[Good Morning Stock Market] "Short-term Overheating of KOSPI is an Uncomfortable Issue... Attention Needed on Sectors with Low Foreign Investment Ratio"
[Asia Economy Reporter Eunmo Koo] The domestic stock market hit an all-time high as expectations for the January effect stimulated the inflow of funds from individual investors. However, despite favorable supply-demand conditions and economic outlook, there are concerns about the possibility of increased short-term volatility. Consequently, the tug-of-war between 'overheating caution' and 'momentum strengthening' among investors is likely to intensify.

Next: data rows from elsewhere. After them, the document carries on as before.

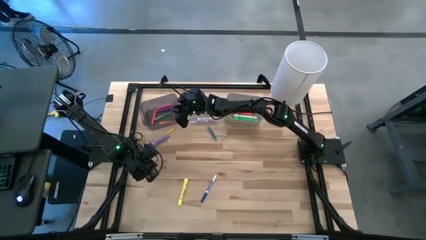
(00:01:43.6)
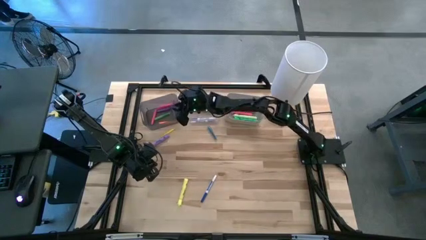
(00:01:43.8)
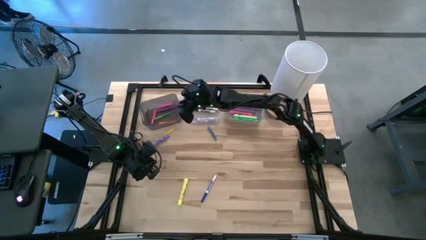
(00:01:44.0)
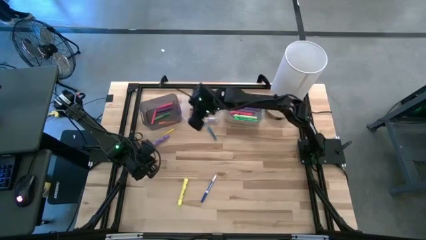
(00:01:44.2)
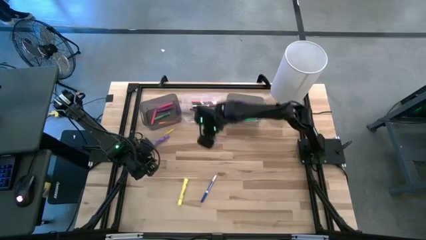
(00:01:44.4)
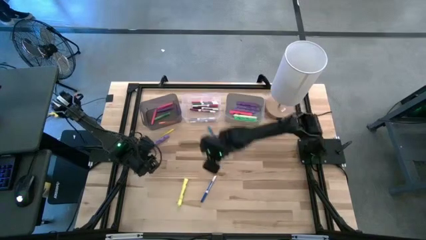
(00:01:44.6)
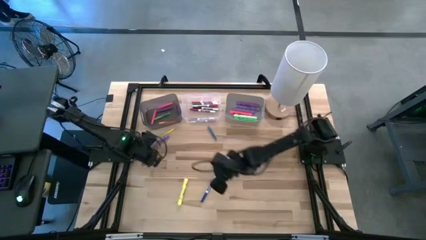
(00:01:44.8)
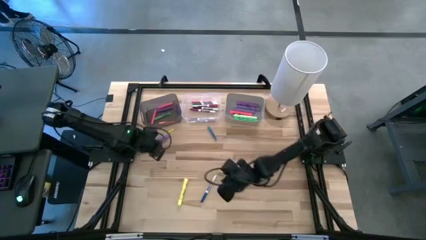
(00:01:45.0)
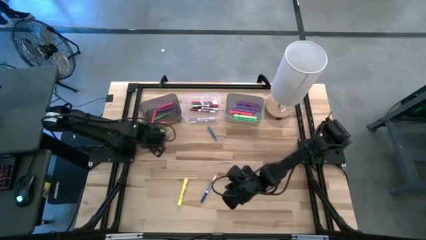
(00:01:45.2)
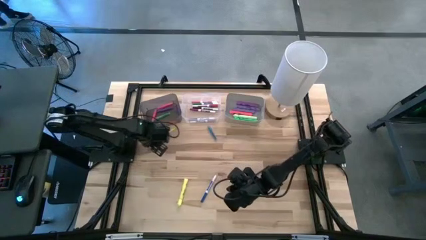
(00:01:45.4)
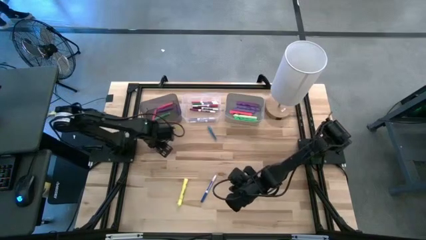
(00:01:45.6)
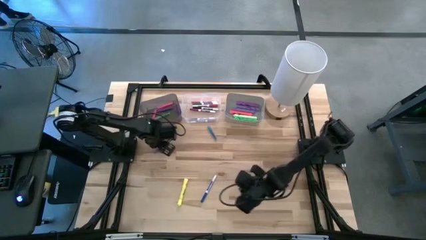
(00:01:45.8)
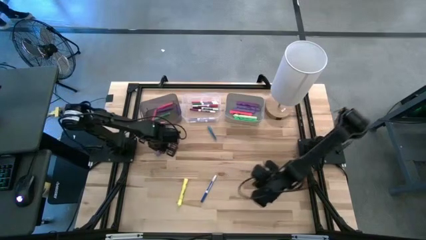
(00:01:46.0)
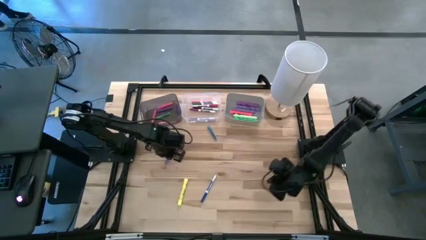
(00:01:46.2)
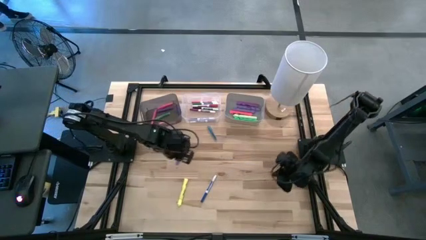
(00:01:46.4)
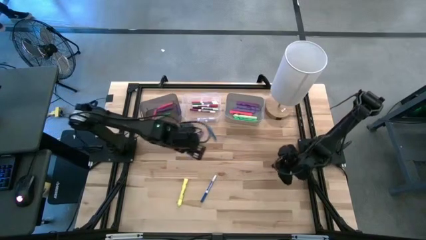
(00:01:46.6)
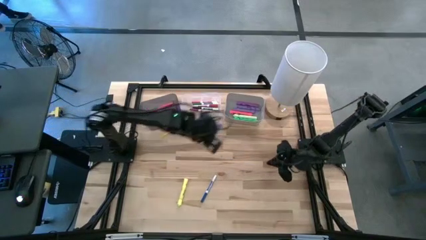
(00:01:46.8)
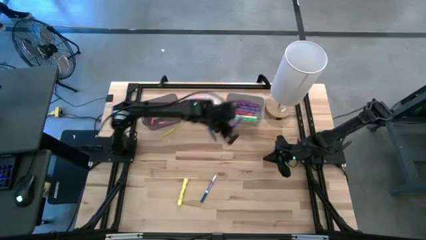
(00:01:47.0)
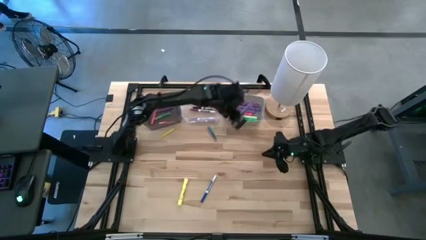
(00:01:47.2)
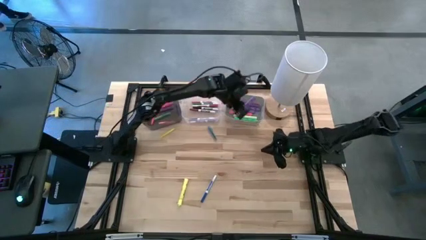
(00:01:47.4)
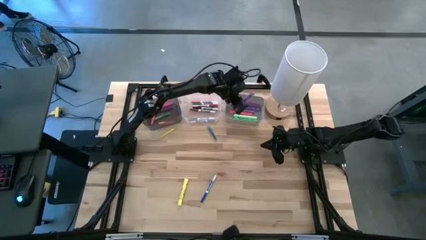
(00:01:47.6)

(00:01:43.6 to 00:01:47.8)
Put the violet highlighter pen into the gray bin

In this context, investing in sectors with less price burden and remaining supply-demand capacity is reasonable, and considering that foreign buying may strengthen following the weak dollar, attention should be paid to industries where their weighting is relatively low.
◆Seonghoon Seo, Samsung Securities Researcher=Because various economic decisions rely on calendar bases, specific patterns can be observed in financial markets at major turning points such as year-end and beginning of the year. The January effect is a representative phenomenon, indicating that stock market performance in early January stands out compared to other periods. The background includes the resumption of fund execution halted by institutional investors' year-end accounting settlements, the inflow of various bonuses paid at year-end into the January stock market, and the high proportion of optimism within the market reflecting the new year's sentiment. These factors are believed to still be in effect this January.
First, domestic exports announced on the 1st increased by 12.6% last month, exactly double the market expectation of 6.3%. Additionally, the highest export amount ever recorded in December was also surpassed. The confirmation of solid export momentum despite the resurgence of COVID-19 is expected to stimulate market expectations for fundamental improvement. Furthermore, the full implementation of the U.S. stimulus package is another factor driving early-year economic recovery forecasts. The recent rise in market peripheral funds, including deposits, despite active buying by individuals, suggests continued money movement in household assets. Foreign investors, despite buying in the fourth quarter, have yet to replenish even a quarter of their pandemic-era sell-offs. The dollar index being near a three-year low will likely accelerate their comeback.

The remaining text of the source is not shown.